In the embodiments provided in the present invention, it should be understood that the disclosed related remote control device and method can be implemented in other ways. For example, the above-described remote control device embodiments are merely illustrative, and for example, the division of the modules or units is only one logical division, and other divisions may be realized in practice, for example, a plurality of units or components may be combined or integrated into another system, or some features may be omitted, or not executed.
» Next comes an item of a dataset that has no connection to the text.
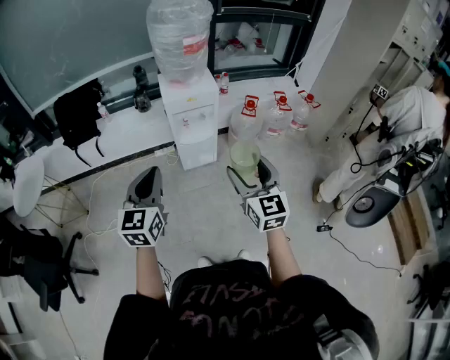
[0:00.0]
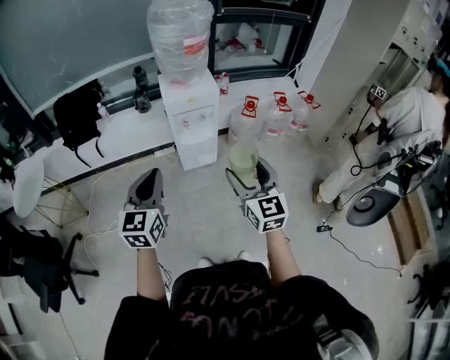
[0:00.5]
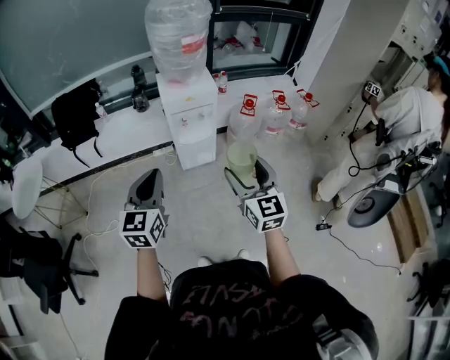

In addition, the shown or discussed mutual coupling or direct coupling or communication connection may be an indirect coupling or communication connection through some interfaces, remote control devices or units, and may be in an electrical, mechanical or other form.
The units described as separate parts may or may not be physically separate, and parts displayed as units may or may not be physical units, may be located in one place, or may be distributed on a plurality of network units. Some or all of the units can be selected according to actual needs to achieve the purpose of the solution of the embodiment.
In addition, functional units in the embodiments of the present invention may be integrated into one processing unit, or each unit may exist alone physically, or two or more units are integrated into one unit. The integrated unit can be realized in a form of hardware, and can also be realized in a form of a software functional unit.
The integrated unit, if implemented in the form of a software functional unit and sold or used as a stand-alone product, may be stored in a computer readable storage medium. Based on such understanding, the technical solution of the present invention may be embodied in the form of a software product, which is stored in a storage medium and includes instructions for causing a computer processor (processor) to execute all or part of the steps of the method according to the embodiments of the present invention. And the aforementioned storage medium includes: a U-disk, a removable hard disk, a Read-Only Memory (ROM), a Random Access Memory (RAM), a magnetic disk or an optical disk, and other various media capable of storing program codes.
The above description is only an embodiment of the present invention, and not intended to limit the scope of the present invention, and all modifications of equivalent structures and equivalent processes performed by the present specification and drawings, or directly or indirectly applied to other related technical fields, are included in the scope of the present invention.
Finally, it should be noted that: the above embodiments are only used to illustrate the technical solution of the present invention, and not to limit the same; while the invention has been described in detail and with reference to the foregoing embodiments, it will be understood by those skilled in the art that: the technical solutions described in the foregoing embodiments may still be modified, or some or all of the technical features may be equivalently replaced; and the modifications or the substitutions do not make the essence of the corresponding technical solutions depart from the scope of the technical solutions of the embodiments of the present invention.